Lay brought Skilling to Enron in 1990 from consulting firm McKinsey & Co., at which Skilling had handled the Enron account. Enron had hit a rough patch because of plummeting natural gas prices, and Skilling had a vision of Enron as a nimble trading company that didn't need hard assets to make money.
Skilling was named Enron's president in 1996.
Skilling signed off on the creation of many of the off-balance-sheet financial deals that Enron allegedly used to hide debt. Skilling has insisted that the deals were legitimate and were used to lower risk for Enron and its shareholders.
In testimony before Congress this year, Skilling said he was unaware of any accounting problems at the company.
Andrew S. Fastow: He joined Enron in 1990 from Continental Bank in Chicago and became chief financial officer in 1998.
Fastow, 40, helped Enron raise the huge sums it needed in its quest to dominate energy trading. He is believed to have engineered Enron's many off-balance-sheet financial partnerships.
Fastow managed two of the partnerships, LJM Cayman and LJM2 Co-Investment, named using the initials of his two children and his wife. Investor concern over potential conflicts between Fastow's role as an Enron executive and as a partnership manager caused Fastow to resign his manager duties in summer 2001.
On Oct. 16, Enron reported a surprise $638-million quarterly loss, partly related to the partnerships that also cost the company $1.2 billion in shareholder equity. On Oct. 24, a day after Lay expressed "the highest faith and confidence in Andy" in a conference call with investors and analysts, Fastow was ousted from the job.
Enron has said Fastow reaped at least $30 million in fees for managing the partnerships. A Fastow spokesman has said the arrangements were created with the full knowledge and approval of Enron's board of directors.

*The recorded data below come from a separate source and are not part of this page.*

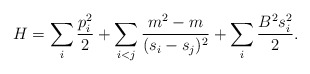
\begin{align*}H=\sum_i {p_i^2 \over 2} +\sum_{i<j} {m^2-m \over (s_i-s_j)^2 }+\sum_i {B^2 s_i^2 \over 2}.\end{align*}
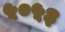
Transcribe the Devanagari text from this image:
५०५३
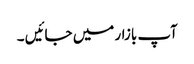
آپ بازار میں جائیں ۔
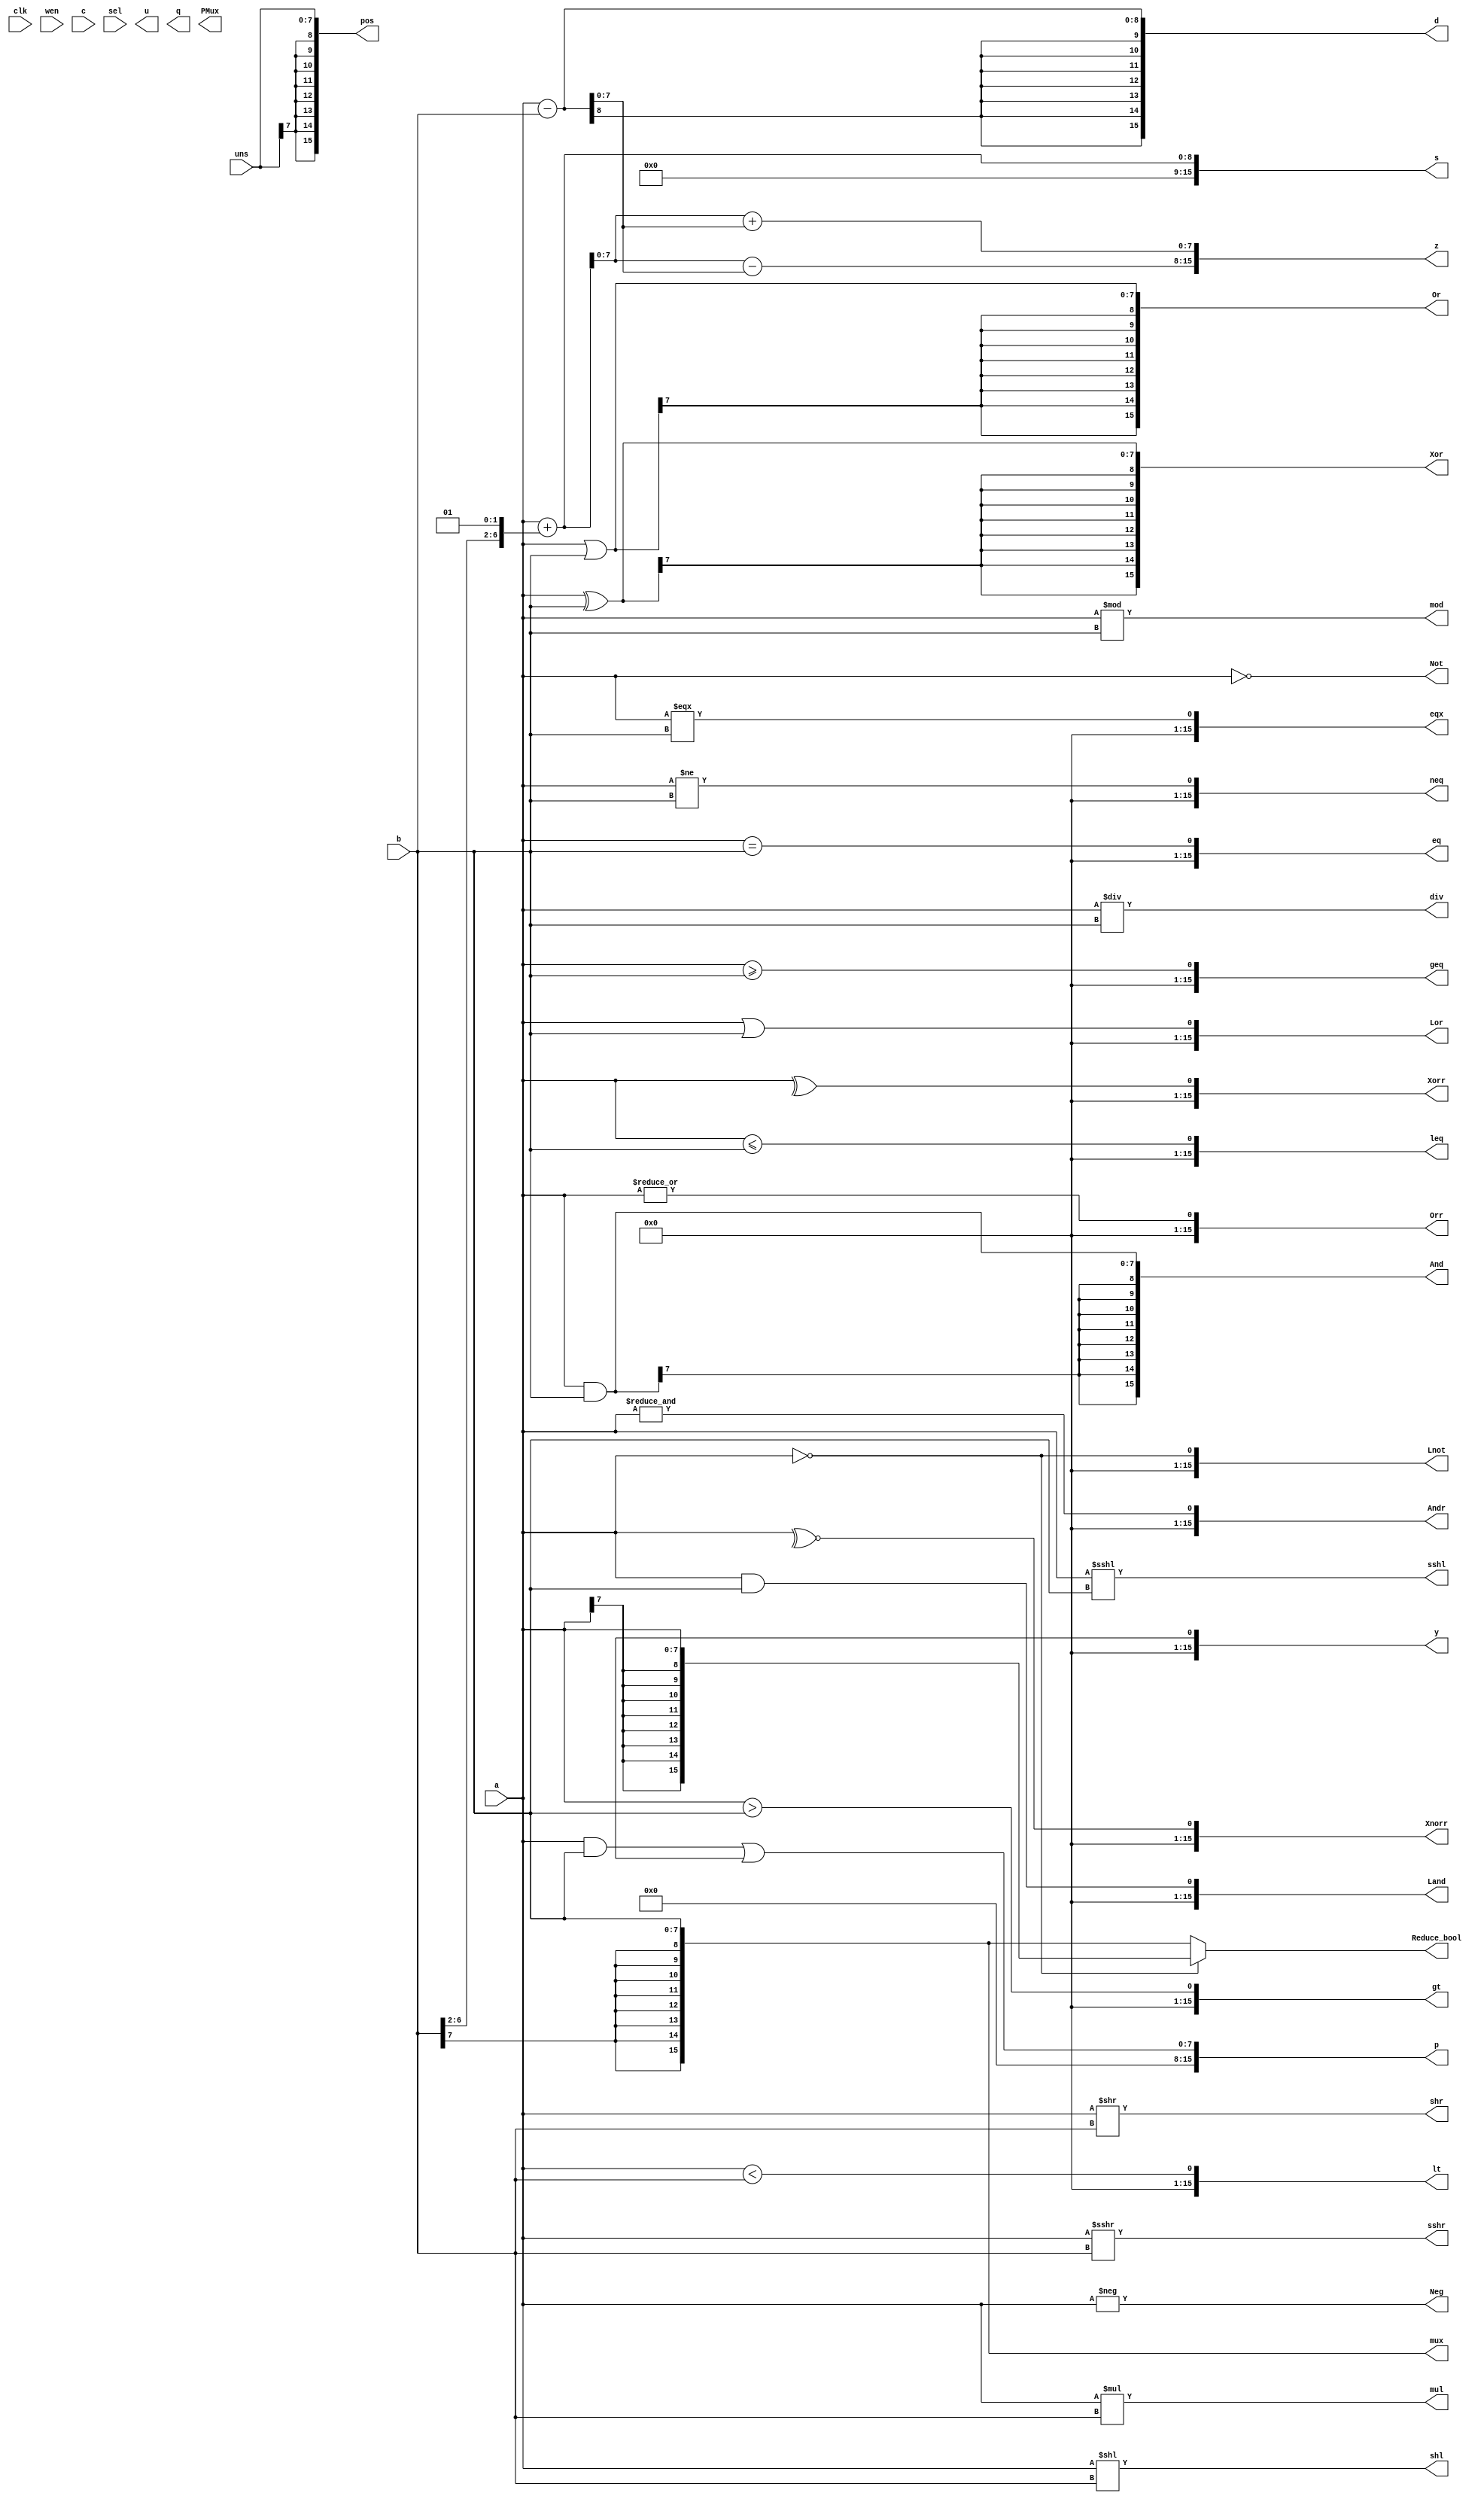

Jeffrey McMahon: He was mentioned in Enron executive Sherron S. Watkins' Aug. 22 memo to Lay as one of the top executives that Lay should quiz to see whether her account of financial shenanigans was true.
McMahon, 41, a former Arthur Andersen employee who joined Enron in 1994, was treasurer and executive vice president of finance in 2000 when he complained about the off-the-books deals that Fastow helped engineer. McMahon then moved to an Enron backwater as president of a small subsidiary that served industrial customers.

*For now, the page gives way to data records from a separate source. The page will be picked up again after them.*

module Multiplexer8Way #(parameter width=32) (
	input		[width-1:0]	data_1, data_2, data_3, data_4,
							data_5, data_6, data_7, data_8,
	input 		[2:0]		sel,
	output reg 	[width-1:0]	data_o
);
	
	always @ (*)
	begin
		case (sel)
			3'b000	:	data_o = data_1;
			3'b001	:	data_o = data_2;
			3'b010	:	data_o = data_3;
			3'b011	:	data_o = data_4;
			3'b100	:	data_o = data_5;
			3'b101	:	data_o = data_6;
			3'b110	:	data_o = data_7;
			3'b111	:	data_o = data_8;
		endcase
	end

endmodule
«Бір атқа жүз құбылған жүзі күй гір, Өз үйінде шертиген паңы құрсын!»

Michael J. Kopper: He was a former lieutenant to Fastow who pleaded guilty Wednesday to federal charges related to Enron's fall.

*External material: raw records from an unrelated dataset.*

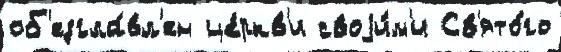
об'езгла́вл'ен це́ркв'и своjи́м'и Св'ято́го
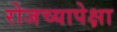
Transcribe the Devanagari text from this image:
रोजच्यापेक्षा
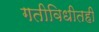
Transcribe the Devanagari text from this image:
गतीविधीतही
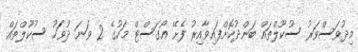
މިދުވަސްވަރު ސުކޫލްތައް ބަންދުކޮށްފައިވާއިރު ފެށޭ އޯގަސްޓް މަހުގެ 2 ވަނަ ދުވަހު ސުކޫލްތައް
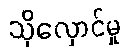
သိုလှောင်မှု
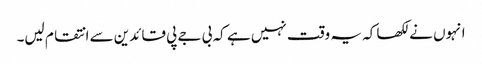
انہوں نے لکھا کہ یہ وقت نہیں ہے کہ بی جے پی قائدین سے انتقام لیں۔
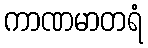
ကာဏမာတရံ
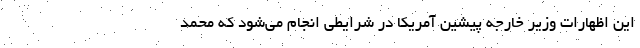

Kopper, according to an Enron board investigation, improperly organized a partnership to keep it -- and a huge sum of Enron debt -- off the company's books. Declined to testify before Congress.
Sherron Watkins: She was an Enron vice president who told Lay in August 2001 that Enron's questionable dealings could cause the powerful corporation to collapse. Her claims were investigated, but ultimately ignored.
Watkins told Congress that Fastow and Skilling were likely to blame for Enron's fall.
David Duncan: He was an Arthur Andersen LLP employee and the government's star witness against the accounting firm.
He pleaded guilty to obstruction of justice, acknowledging that he directed the shredding of documents as the senior auditor on Andersen's Enron account.